MBZUAI names Eran Segal to lead AI research into human biology
The new dean will build a life sciences division around large health datasets and models designed to predict disease, simulate treatments and generate research hypotheses.
MBZUAI has appointed Eran Segal as Dean of its Division of Biological and Life Sciences to lead research combining AI with large-scale human health data. Image credit: MBZUAI
Mohamed bin Zayed University of Artificial Intelligence has appointed Eran Segal as Dean of its Division of Biological and Life Sciences and Professor of Computational Biology, as the university builds a research program focused on AI and large-scale human health data.
The division, which is less than a year old, is developing research around precision medicine, genomics and models intended to improve understanding of disease and human biology.

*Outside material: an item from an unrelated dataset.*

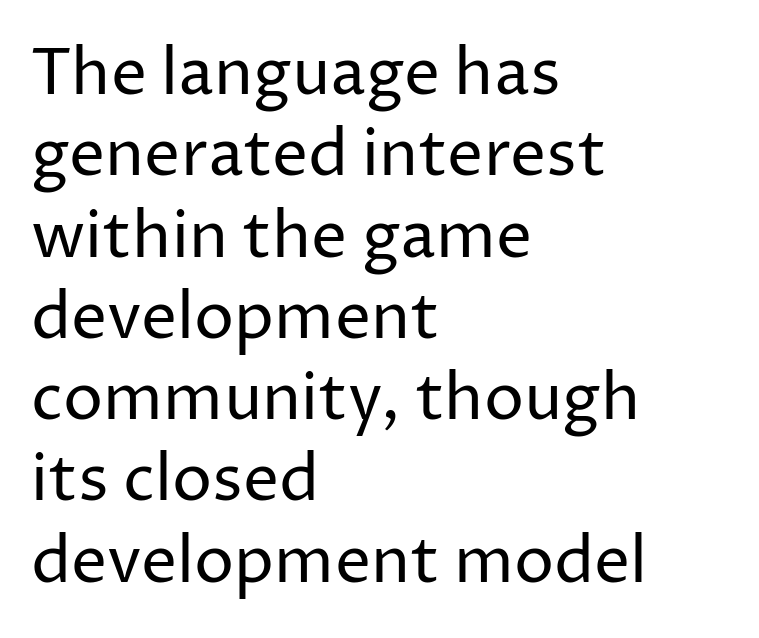
The image shows 64 px regular-weight sans-serif type, upright; set left-aligned, normal line spacing (1.27x), normal letter spacing, not underlined; low stroke contrast and a medium x-height.

The Abu Dhabi-based university says researchers will have access to two large collections of health data: the Emirati Genome Program, which has mapped the genetic information of nearly one million Emiratis, and the Human Phenotype Project, led by Segal.
Human Phenotype Project data covers more than 40 types of information, including medical records, blood tests, genetics, lifestyle, nutrition, vital signs and the microbiome, the community of microorganisms living in and on the human body.
MBZUAI plans to recruit additional researchers and use the datasets to develop predictive, simulation and generative AI models. The university has not provided a timetable for the first models, funding figures for the division or details of how external researchers will be able to access the data.
Large datasets will support biological AI models
Segal is a computer scientist whose research focuses on data-driven precision medicine and the use of AI to model human health.
His previous work includes research into human genomics and the relationship between health and the genetic makeup of the gut microbiome.
Segal says access to large, detailed datasets is essential because AI systems can only learn biological patterns from the information made available to them.
Describing the range of data within the Human Phenotype Project, he says: "It goes all the way from the microbiome to physiology."
The Emirati Genome Program is intended to help researchers and healthcare providers understand hereditary health risks and support more personalized approaches to prevention and treatment.
The Human Phenotype Project takes a broader approach by following multiple biological, medical and lifestyle measures. Its stated aims include identifying molecular markers linked to disease and developing models that can predict when illnesses may begin or how they may progress.
MBZUAI describes the combination of the two projects as one of the most comprehensive collections of human health data available to researchers.
Models could predict health changes and simulate interventions
Segal identifies three broad types of AI model that the division could develop.
Predictive models would use a person’s previous health information to estimate how their health may change over time. Inputs could include medical records, imaging, wearable-device data and laboratory results.
The aim would be similar to giving a language model a prompt, but instead of generating text, the system would produce a forecast of a future health state.
Simulation models would examine how an intervention, such as a medicine, could affect an individual’s biology.
Researchers currently assess treatments through laboratory work and clinical trials involving real patients. These studies can take years and require substantial funding, particularly when a treatment must progress through several stages before receiving regulatory approval.
Segal suggests that sufficiently advanced biological simulations could eventually help researchers test ideas more quickly.
He says: "We aren’t there yet, but the long-term vision would be that you wouldn’t have to do expensive clinical trials that take a very long time because you could simulate the results much more rapidly."
That remains a long-term research objective rather than an available replacement for clinical trials. MBZUAI has not published evidence showing that its planned models can yet predict treatment effects accurately enough for medical decision-making or regulatory use.
Any simulated result would still need validation against real biological and clinical outcomes before it could be relied upon in healthcare.
Generative models would take a different role by identifying connections across large volumes of biological data and proposing new research hypotheses.
Segal argues that these systems could find relationships between genes, physiology, lifestyle, disease and other biological processes that researchers may struggle to detect manually because of the scale and complexity of the information.
Division plans further recruitment and startup activity
Segal says recent improvements in AI coding tools have shortened the time required to turn a research idea into an application capable of analyzing biological data.
The practical constraint, he argues, is increasingly the availability of detailed and reliable health information rather than the ability to build the software.
MBZUAI plans to continue recruiting researchers for the Biological and Life Sciences division, which will combine expertise in computing, health and biological research.
"We will continue to add more researchers," Segal says, "because they want to be able to access this data and collaborate with great colleagues."
The university also expects some research developed through the division to lead to startups within the United Arab Emirates’ wider technology and life sciences ecosystem.
MBZUAI has not disclosed how many researchers it expects to appoint, which initial diseases or biological questions the division will prioritize, or when the first foundation model will be released.
The next phase will focus on expanding the research team and beginning work with the Emirati Genome Program and Human Phenotype Project datasets. Any predictive or simulation models will still require independent evaluation before they can be used in clinical research or patient care.